Government + Science = Junk Science

See Molecules of Emotion by Candace Pert. This provides an interesting look at the politics inside the NIH by a former star research scientist.

Leo February 8, 2009 at 7:51 am

It seems to me that the anti-IP position amount to the claim that I should have no effective remedy through which to enforce contract violations.

Suppose that I write a book. And I don’t want anyone else to read my book. Except this one friend of mine. So I show him my book, on the condition that he not share it with anyone else. Then he breaks his promise, and sends copies of my book to all his friends. And they send it to their friends, and so forth.

Or suppose that I never intend for anyone to read my book, but a thief breaks into my house and steals my computer.

I assume that we would all agree that the government should punish the thief who steals my computer, or the friend who breaks his promise. But why should all the rest of the world be allowed to profit from their evil deeds?

Brian Macker February 8, 2009 at 9:21 am

“Except for one thing: this is complete violation of the spirit of intellectual property law. All these readers were sharing the same book instead of buying a new copy.”

No it isn’t. Don’t be silly. The copying right holder only owns the right to copy the book. None of the people sharing the book violated this right.

This isn’t anything new either. What do you think a library does?

Sherman February 8, 2009 at 12:55 pm

heuristic,

It was I, not newson, who took your post, improved it, and posted it as my own. I am actually awaiting one of your ethics sermons or your treatment of “my” post as you understand contract law.

For that matter, I’d be interested in many of the pro-IP arguments against my conduct from a market perspective, an ethical perspective, or even a penal perspective.

Sherman

Grace Innes February 8, 2009 at 1:07 pm

You may be interested in Dr.
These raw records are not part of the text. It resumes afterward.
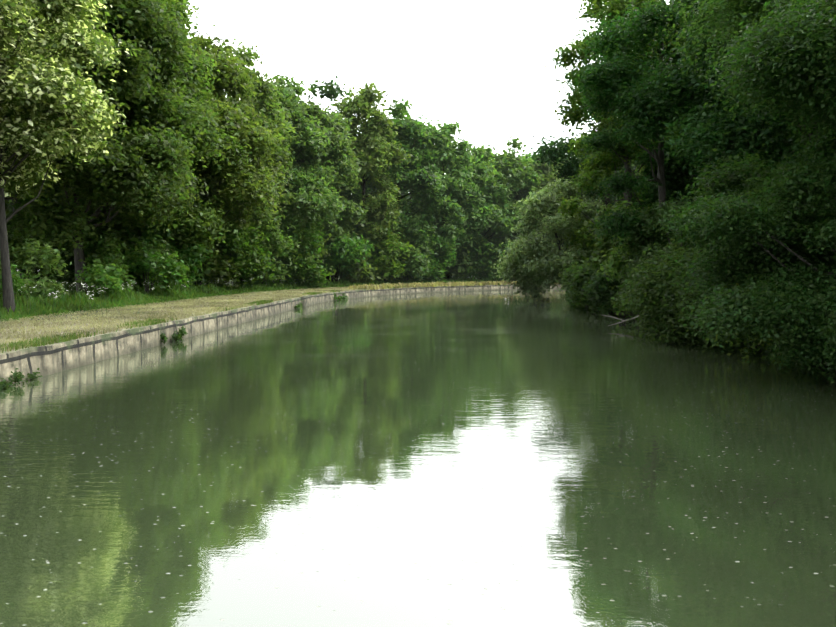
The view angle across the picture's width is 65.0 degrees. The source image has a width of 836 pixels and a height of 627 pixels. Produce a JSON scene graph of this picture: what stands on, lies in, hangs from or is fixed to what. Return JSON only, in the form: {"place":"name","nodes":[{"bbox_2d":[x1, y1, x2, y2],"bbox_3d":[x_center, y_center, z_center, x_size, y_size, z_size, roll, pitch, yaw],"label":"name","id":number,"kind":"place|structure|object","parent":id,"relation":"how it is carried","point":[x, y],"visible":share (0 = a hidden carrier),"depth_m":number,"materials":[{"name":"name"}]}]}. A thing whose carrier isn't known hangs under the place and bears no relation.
{"place":"outdoors","nodes":[
{"label":"outdoors","id":0,"kind":"place"},
{"bbox_2d":[0,284,501,354],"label":"grass","id":1,"kind":"structure","parent":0,"point":[4,352],"depth_m":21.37,"materials":[{"name":"green plant"}]},
{"bbox_2d":[0,286,387,352],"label":"footpath","id":2,"kind":"structure","parent":1,"relation":"on","point":[166,311],"depth_m":26.14,"materials":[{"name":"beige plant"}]},
{"bbox_2d":[39,0,669,269],"label":"sky","id":3,"kind":"structure","parent":0,"point":[482,63],"materials":[{"name":"white"}]},
{"bbox_2d":[0,289,835,626],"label":"water","id":4,"kind":"structure","parent":0,"point":[468,459],"depth_m":8.05,"materials":[{"name":"green liquid"}]},
{"bbox_2d":[602,313,644,325],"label":"dead branch","id":5,"kind":"object","parent":4,"relation":"in","point":[621,319],"visible":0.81,"depth_m":29.26,"materials":[{"name":"grey wood"}]},
{"bbox_2d":[4,275,833,364],"bbox_3d":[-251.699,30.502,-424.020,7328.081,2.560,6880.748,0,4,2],"label":"ground","id":6,"kind":"structure","parent":0,"point":[627,314],"depth_m":29.83,"materials":[{"name":"green soil"}]},
{"bbox_2d":[5,190,25,230],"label":"tree","id":7,"kind":"object","parent":6,"relation":"on","point":[10,208],"visible":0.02,"depth_m":68.80,"materials":[{"name":"green plant"}]},
{"bbox_2d":[0,260,32,299],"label":"shrub","id":8,"kind":"object","parent":6,"relation":"on","point":[15,277],"visible":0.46,"depth_m":28.04,"materials":[{"name":"green plant"}]},
{"bbox_2d":[0,237,71,299],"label":"shrub","id":9,"kind":"object","parent":6,"relation":"on","point":[43,257],"visible":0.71,"depth_m":30.89,"materials":[{"name":"green plant"}]},
{"bbox_2d":[0,0,122,203],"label":"tree","id":10,"kind":"object","parent":6,"relation":"on","point":[17,14],"visible":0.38,"depth_m":25.51,"materials":[{"name":"green plant"}]},
{"bbox_2d":[12,69,116,278],"bbox_3d":[-25.565,-12.510,43.313,12.720,23.122,15.381,-2,4,-24],"label":"tree","id":11,"kind":"object","parent":6,"relation":"on","point":[51,194],"visible":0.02,"depth_m":41.16,"materials":[{"name":"green plant"}]},
{"bbox_2d":[0,0,130,206],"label":"tree","id":12,"kind":"object","parent":6,"relation":"on","point":[34,191],"visible":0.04,"depth_m":31.40,"materials":[{"name":"green plant"}]},
{"bbox_2d":[0,0,136,311],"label":"robinia tree","id":13,"kind":"object","parent":6,"relation":"on","point":[57,139],"visible":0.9,"depth_m":25.04,"materials":[{"name":"green plant"}]},
{"bbox_2d":[5,181,144,295],"bbox_3d":[-22.397,-4.977,40.296,10.588,9.669,7.501,0,4,2],"label":"tree","id":14,"kind":"object","parent":6,"relation":"on","point":[68,277],"visible":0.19,"depth_m":39.65,"materials":[{"name":"green plant"}]},
{"bbox_2d":[6,199,176,272],"bbox_3d":[-22.006,-5.020,44.283,10.591,8.015,8.076,0,4,2],"label":"shrub","id":15,"kind":"object","parent":6,"relation":"on","point":[145,234],"visible":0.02,"depth_m":44.82,"materials":[{"name":"green plant"}]},
{"bbox_2d":[75,259,129,296],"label":"shrub","id":16,"kind":"object","parent":6,"relation":"on","point":[98,276],"visible":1,"depth_m":34.00,"materials":[{"name":"green plant"}]},
{"bbox_2d":[69,227,137,292],"bbox_3d":[-18.023,-2.511,37.574,3.574,4.808,3.204,0,4,2],"label":"shrub","id":17,"kind":"object","parent":6,"relation":"on","point":[108,257],"visible":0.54,"depth_m":37.21,"materials":[{"name":"green plant"}]},
{"bbox_2d":[5,0,211,293],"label":"tree","id":18,"kind":"object","parent":6,"relation":"on","point":[126,176],"visible":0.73,"depth_m":35.48,"materials":[{"name":"green plant"}]},
{"bbox_2d":[54,1,233,240],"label":"tree","id":19,"kind":"object","parent":6,"relation":"on","point":[187,189],"visible":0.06,"depth_m":42.07,"materials":[{"name":"green plant"}]},
{"bbox_2d":[126,235,178,291],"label":"shrub","id":20,"kind":"object","parent":6,"relation":"on","point":[160,247],"visible":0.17,"depth_m":42.72,"materials":[{"name":"green plant"}]},
{"bbox_2d":[121,242,191,292],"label":"shrub","id":21,"kind":"object","parent":6,"relation":"on","point":[152,264],"visible":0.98,"depth_m":40.41,"materials":[{"name":"green plant"}]},
{"bbox_2d":[135,199,212,286],"bbox_3d":[-20.412,-5.392,48.147,10.233,11.310,9.081,-1,4,-15],"label":"shrub","id":22,"kind":"object","parent":6,"relation":"on","point":[208,270],"depth_m":49.95,"materials":[{"name":"green plant"}]},
{"bbox_2d":[166,240,212,288],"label":"shrub","id":23,"kind":"object","parent":6,"relation":"on","point":[192,259],"visible":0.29,"depth_m":47.50,"materials":[{"name":"green plant"}]},
{"bbox_2d":[137,0,256,289],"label":"tree","id":24,"kind":"object","parent":6,"relation":"on","point":[200,222],"visible":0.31,"depth_m":47.34,"materials":[{"name":"green plant"}]},
{"bbox_2d":[193,230,240,287],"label":"shrub","id":25,"kind":"object","parent":6,"relation":"on","point":[219,271],"visible":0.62,"depth_m":52.97,"materials":[{"name":"green plant"}]},
{"bbox_2d":[153,24,291,285],"bbox_3d":[-17.059,-12.181,53.257,14.860,21.145,15.498,2,4,33],"label":"tree","id":26,"kind":"object","parent":6,"relation":"on","point":[242,184],"visible":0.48,"depth_m":51.78,"materials":[{"name":"green plant"}]},
{"bbox_2d":[192,216,279,285],"bbox_3d":[-15.982,-4.958,57.126,8.490,7.040,8.325,-3,5,-41],"label":"shrub","id":27,"kind":"object","parent":6,"relation":"on","point":[246,259],"visible":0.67,"depth_m":55.40,"materials":[{"name":"green plant"}]},
{"bbox_2d":[2,276,473,315],"bbox_3d":[-8.966,-3.208,67.273,22.329,1.403,82.738,1,4,21],"label":"cow parsley","id":28,"kind":"object","parent":6,"relation":"on","point":[89,297],"visible":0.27,"depth_m":31.78,"materials":[{"name":"white plant"}]},
{"bbox_2d":[205,41,302,283],"bbox_3d":[-16.873,-13.820,62.324,13.600,23.290,13.999,2,4,27],"label":"tree","id":29,"kind":"object","parent":6,"relation":"on","point":[275,115],"visible":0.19,"depth_m":60.52,"materials":[{"name":"green plant"}]},
{"bbox_2d":[0,277,516,321],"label":"verge grass","id":30,"kind":"structure","parent":6,"relation":"on","point":[70,303],"depth_m":36.72,"materials":[{"name":"green plant"}]},
{"bbox_2d":[244,213,302,282],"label":"shrub","id":31,"kind":"object","parent":6,"relation":"on","point":[272,280],"depth_m":71.09,"materials":[{"name":"green plant"}]},
{"bbox_2d":[249,211,301,285],"bbox_3d":[-14.141,-5.798,61.771,5.783,7.302,7.581,0,4,2],"label":"shrub","id":32,"kind":"object","parent":6,"relation":"on","point":[281,244],"visible":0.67,"depth_m":61.25,"materials":[{"name":"green plant"}]},
{"bbox_2d":[0,284,561,385],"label":"quay wall","id":33,"kind":"structure","parent":6,"relation":"on","point":[54,359],"depth_m":21.37,"materials":[{"name":"concrete"}]},
{"bbox_2d":[0,368,42,390],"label":"plants","id":34,"kind":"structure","parent":33,"relation":"attached to","point":[16,376],"depth_m":14.55,"materials":[{"name":"green plant"}]},
{"bbox_2d":[160,330,181,343],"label":"plants","id":35,"kind":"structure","parent":33,"relation":"attached to","point":[175,336],"depth_m":23.45,"materials":[{"name":"green plant"}]},
{"bbox_2d":[179,325,187,335],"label":"plant","id":36,"kind":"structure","parent":33,"relation":"attached to","point":[182,331],"depth_m":24.18,"materials":[{"name":"green plant"}]},
{"bbox_2d":[294,300,302,308],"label":"plant","id":37,"kind":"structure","parent":33,"relation":"attached to","point":[298,306],"depth_m":44.29,"materials":[{"name":"green plant"}]},
{"bbox_2d":[333,291,347,300],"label":"plant","id":38,"kind":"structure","parent":33,"relation":"attached to","point":[340,297],"depth_m":57.21,"materials":[{"name":"green plant"}]},
{"bbox_2d":[246,71,352,282],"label":"tree","id":39,"kind":"object","parent":6,"relation":"on","point":[310,189],"visible":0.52,"depth_m":67.06,"materials":[{"name":"green plant"}]},
{"bbox_2d":[277,215,335,287],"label":"shrub","id":40,"kind":"object","parent":6,"relation":"on","point":[304,263],"visible":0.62,"depth_m":66.32,"materials":[{"name":"green plant"}]},
{"bbox_2d":[281,231,331,283],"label":"shrub","id":41,"kind":"object","parent":6,"relation":"on","point":[323,253],"visible":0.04,"depth_m":71.20,"materials":[{"name":"green plant"}]},
{"bbox_2d":[283,96,342,279],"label":"tree","id":42,"kind":"object","parent":6,"relation":"on","point":[302,161],"visible":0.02,"depth_m":76.51,"materials":[{"name":"green plant"}]},
{"bbox_2d":[282,91,368,282],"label":"tree","id":43,"kind":"object","parent":6,"relation":"on","point":[335,126],"visible":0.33,"depth_m":73.97,"materials":[{"name":"green plant"}]},
{"bbox_2d":[294,75,361,280],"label":"tree","id":44,"kind":"object","parent":6,"relation":"on","point":[330,91],"visible":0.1,"depth_m":84.56,"materials":[{"name":"green plant"}]},
{"bbox_2d":[316,231,374,281],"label":"shrub","id":45,"kind":"object","parent":6,"relation":"on","point":[341,257],"visible":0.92,"depth_m":73.94,"materials":[{"name":"green plant"}]},
{"bbox_2d":[332,228,380,284],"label":"shrub","id":46,"kind":"object","parent":6,"relation":"on","point":[362,273],"visible":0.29,"depth_m":78.62,"materials":[{"name":"green plant"}]},
{"bbox_2d":[331,205,381,280],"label":"shrub","id":47,"kind":"object","parent":6,"relation":"on","point":[356,226],"visible":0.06,"depth_m":82.52,"materials":[{"name":"green plant"}]},
{"bbox_2d":[325,81,417,256],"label":"tree","id":48,"kind":"object","parent":6,"relation":"on","point":[376,150],"visible":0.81,"depth_m":81.01,"materials":[{"name":"green plant"}]},
{"bbox_2d":[345,126,425,214],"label":"tree","id":49,"kind":"object","parent":6,"relation":"on","point":[402,181],"visible":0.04,"depth_m":92.53,"materials":[{"name":"green plant"}]},
{"bbox_2d":[368,225,410,280],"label":"shrub","id":50,"kind":"object","parent":6,"relation":"on","point":[407,237],"depth_m":87.24,"materials":[{"name":"green plant"}]},
{"bbox_2d":[366,223,419,281],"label":"shrub","id":51,"kind":"object","parent":6,"relation":"on","point":[390,247],"visible":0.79,"depth_m":82.13,"materials":[{"name":"green plant"}]},
{"bbox_2d":[353,98,455,279],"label":"tree","id":52,"kind":"object","parent":6,"relation":"on","point":[422,180],"visible":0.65,"depth_m":87.32,"materials":[{"name":"green plant"}]},
{"bbox_2d":[398,233,438,280],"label":"shrub","id":53,"kind":"object","parent":6,"relation":"on","point":[415,266],"visible":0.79,"depth_m":85.67,"materials":[{"name":"green plant"}]},
{"bbox_2d":[395,162,457,232],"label":"tree","id":54,"kind":"object","parent":6,"relation":"on","point":[407,196],"visible":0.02,"depth_m":100.48,"materials":[{"name":"green plant"}]},
{"bbox_2d":[411,233,460,281],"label":"shrub","id":55,"kind":"object","parent":6,"relation":"on","point":[441,260],"visible":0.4,"depth_m":89.80,"materials":[{"name":"green plant"}]},
{"bbox_2d":[346,280,558,289],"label":"dry grass","id":56,"kind":"structure","parent":6,"relation":"on","point":[403,284],"depth_m":77.45,"materials":[{"name":"beige plant"}]},
{"bbox_2d":[413,117,494,278],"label":"tree","id":57,"kind":"object","parent":6,"relation":"on","point":[451,152],"visible":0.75,"depth_m":91.68,"materials":[{"name":"green plant"}]},
{"bbox_2d":[444,241,476,279],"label":"shrub","id":58,"kind":"object","parent":6,"relation":"on","point":[461,267],"visible":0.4,"depth_m":94.13,"materials":[{"name":"green plant"}]},
{"bbox_2d":[437,139,517,278],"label":"tree","id":59,"kind":"object","parent":6,"relation":"on","point":[496,191],"visible":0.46,"depth_m":96.88,"materials":[{"name":"green plant"}]},
{"bbox_2d":[465,237,507,280],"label":"shrub","id":60,"kind":"object","parent":6,"relation":"on","point":[482,270],"visible":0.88,"depth_m":96.05,"materials":[{"name":"green plant"}]},
{"bbox_2d":[466,159,529,241],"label":"tree","id":61,"kind":"object","parent":6,"relation":"on","point":[516,194],"visible":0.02,"depth_m":102.36,"materials":[{"name":"green plant"}]},
{"bbox_2d":[489,234,513,279],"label":"shrub","id":62,"kind":"object","parent":6,"relation":"on","point":[499,242],"visible":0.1,"depth_m":98.48,"materials":[{"name":"green plant"}]},
{"bbox_2d":[488,133,543,245],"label":"tree","id":63,"kind":"object","parent":6,"relation":"on","point":[524,176],"visible":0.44,"depth_m":100.55,"materials":[{"name":"green plant"}]},
{"bbox_2d":[527,157,565,246],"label":"tree","id":64,"kind":"object","parent":6,"relation":"on","point":[544,168],"visible":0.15,"depth_m":103.69,"materials":[{"name":"green plant"}]},
{"bbox_2d":[491,175,610,295],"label":"willow","id":65,"kind":"object","parent":6,"relation":"on","point":[541,202],"visible":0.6,"depth_m":54.58,"materials":[{"name":"green plant"}]},
{"bbox_2d":[499,241,565,300],"bbox_3d":[10.508,-3.797,57.543,6.780,6.039,6.206,0,4,2],"label":"bush","id":66,"kind":"object","parent":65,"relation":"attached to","point":[527,289],"visible":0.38,"depth_m":56.03,"materials":[{"name":"green plant"}]},
{"bbox_2d":[556,261,597,305],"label":"shrub","id":67,"kind":"object","parent":6,"relation":"on","point":[564,264],"depth_m":47.02,"materials":[{"name":"green plant"}]},
{"bbox_2d":[560,230,597,290],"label":"shrub","id":68,"kind":"object","parent":6,"relation":"on","point":[587,247],"visible":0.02,"depth_m":53.11,"materials":[{"name":"green plant"}]},
{"bbox_2d":[559,260,599,308],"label":"shrub","id":69,"kind":"object","parent":6,"relation":"on","point":[577,303],"visible":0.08,"depth_m":43.57,"materials":[{"name":"green plant"}]},
{"bbox_2d":[525,106,637,244],"bbox_3d":[16.679,-13.197,60.358,11.888,22.905,12.250,3,5,43],"label":"tree","id":70,"kind":"object","parent":6,"relation":"on","point":[545,153],"visible":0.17,"depth_m":59.04,"materials":[{"name":"green plant"}]},
{"bbox_2d":[562,262,618,313],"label":"shrub","id":71,"kind":"object","parent":6,"relation":"on","point":[581,277],"visible":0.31,"depth_m":39.93,"materials":[{"name":"green plant"}]},
{"bbox_2d":[555,107,634,264],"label":"tree","id":72,"kind":"object","parent":6,"relation":"on","point":[570,204],"visible":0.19,"depth_m":51.88,"materials":[{"name":"green plant"}]},
{"bbox_2d":[580,263,635,316],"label":"shrub","id":73,"kind":"object","parent":6,"relation":"on","point":[599,289],"visible":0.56,"depth_m":35.93,"materials":[{"name":"green plant"}]},
{"bbox_2d":[579,155,642,213],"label":"tree","id":74,"kind":"object","parent":6,"relation":"on","point":[603,196],"visible":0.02,"depth_m":62.69,"materials":[{"name":"green plant"}]},
{"bbox_2d":[593,236,640,317],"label":"shrub","id":75,"kind":"object","parent":6,"relation":"on","point":[615,264],"visible":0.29,"depth_m":34.01,"materials":[{"name":"green plant"}]},
{"bbox_2d":[582,197,659,268],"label":"tree","id":76,"kind":"object","parent":6,"relation":"on","point":[604,247],"visible":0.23,"depth_m":39.14,"materials":[{"name":"green plant"}]},
{"bbox_2d":[544,0,711,206],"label":"tall feathery tree","id":77,"kind":"object","parent":6,"relation":"on","point":[566,60],"visible":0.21,"depth_m":45.64,"materials":[{"name":"green plant"}]},
{"bbox_2d":[615,63,669,216],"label":"tree","id":78,"kind":"object","parent":6,"relation":"on","point":[639,172],"depth_m":53.26,"materials":[{"name":"green plant"}]},
{"bbox_2d":[613,188,701,314],"bbox_3d":[11.620,-2.395,31.172,4.754,7.027,6.516,0,4,2],"label":"shrub","id":79,"kind":"object","parent":6,"relation":"on","point":[636,239],"visible":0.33,"depth_m":31.51,"materials":[{"name":"green plant"}]},
{"bbox_2d":[621,57,714,256],"bbox_3d":[23.899,-13.509,51.955,13.348,24.425,14.497,0,4,2],"label":"tree","id":80,"kind":"object","parent":6,"relation":"on","point":[677,126],"depth_m":49.90,"materials":[{"name":"green plant"}]},
{"bbox_2d":[631,25,710,210],"bbox_3d":[18.941,-11.081,46.589,7.693,20.240,9.344,0,4,2],"label":"tree","id":81,"kind":"object","parent":6,"relation":"on","point":[676,177],"visible":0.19,"depth_m":44.11,"materials":[{"name":"green plant"}]},
{"bbox_2d":[623,0,721,249],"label":"tree","id":82,"kind":"object","parent":6,"relation":"on","point":[676,60],"depth_m":49.67,"materials":[{"name":"green plant"}]},
{"bbox_2d":[566,0,794,246],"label":"tree","id":83,"kind":"object","parent":6,"relation":"on","point":[614,80],"visible":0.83,"depth_m":32.07,"materials":[{"name":"green plant"}]},
{"bbox_2d":[609,232,773,356],"bbox_3d":[10.706,-0.216,22.684,6.965,5.613,8.506,0,4,2],"label":"shrub","id":84,"kind":"object","parent":6,"relation":"on","point":[666,311],"visible":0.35,"depth_m":23.09,"materials":[{"name":"green plant"}]},
{"bbox_2d":[664,0,731,242],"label":"tree","id":85,"kind":"object","parent":6,"relation":"on","point":[677,115],"visible":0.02,"depth_m":44.29,"materials":[{"name":"green plant"}]},
{"bbox_2d":[666,129,738,270],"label":"tree","id":86,"kind":"object","parent":6,"relation":"on","point":[686,157],"depth_m":41.14,"materials":[{"name":"green plant"}]},
{"bbox_2d":[637,0,835,216],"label":"tree","id":87,"kind":"object","parent":6,"relation":"on","point":[734,15],"visible":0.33,"depth_m":19.12,"materials":[{"name":"green plant"}]},
{"bbox_2d":[650,0,835,394],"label":"tree","id":88,"kind":"object","parent":6,"relation":"on","point":[790,60],"visible":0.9,"depth_m":15.19,"materials":[{"name":"green plant"}]},
{"bbox_2d":[652,0,834,210],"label":"tree","id":89,"kind":"object","parent":6,"relation":"on","point":[730,133],"visible":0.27,"depth_m":27.32,"materials":[{"name":"green plant"}]},
{"bbox_2d":[672,14,828,244],"bbox_3d":[22.489,-12.661,37.745,16.010,24.523,15.243,0,4,2],"label":"tree","id":90,"kind":"object","parent":6,"relation":"on","point":[676,48],"depth_m":37.78,"materials":[{"name":"green plant"}]},
{"bbox_2d":[674,138,835,268],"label":"tree","id":91,"kind":"object","parent":6,"relation":"on","point":[734,178],"visible":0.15,"depth_m":21.22,"materials":[{"name":"green plant"}]},
{"bbox_2d":[695,243,835,360],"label":"shrub","id":92,"kind":"object","parent":6,"relation":"on","point":[754,336],"visible":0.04,"depth_m":18.84,"materials":[{"name":"green plant"}]},
{"bbox_2d":[745,250,835,382],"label":"bush","id":93,"kind":"object","parent":6,"relation":"on","point":[796,349],"visible":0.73,"depth_m":15.23,"materials":[{"name":"green plant"}]},
{"bbox_2d":[757,13,828,147],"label":"tree","id":94,"kind":"object","parent":6,"relation":"on","point":[796,138],"visible":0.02,"depth_m":31.16,"materials":[{"name":"green plant"}]},
{"bbox_2d":[765,127,835,217],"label":"tree","id":95,"kind":"object","parent":6,"relation":"on","point":[786,142],"depth_m":32.89,"materials":[{"name":"green plant"}]}
]}

Lyons-Weiler’s proposal for an IP Share Market. Under this model, the public can own shares of IP, not just shares of companies. This has many advantages to the general public and to the companies.

Please see his article in the Feb 2009 is located here:

http://www.the-scientist.com/2009/02/1/28/1/

and his blog is

http://ipshareguy.vox.com

chris March 11, 2009 at 11:17 am

@leo:

why would you write a book that you don’t want anyone to read?

why would you entrust something you wanted so much control over to someone who could betray you?

having your work out there for all to see is the best protection for it. if you put your book up on the web, you are recruiting witnesses to the fact that the work belongs to you. being the original creator is a real competitive advantage.

establishing yourself as the creator then becomes a trademark issue rather than a copyright issue. there are few who would argue against trademark. levine and boldrine make this argument in the book.

Dainel March 11, 2009 at 12:06 pm

Leo, is it so bad that the whole world should profit?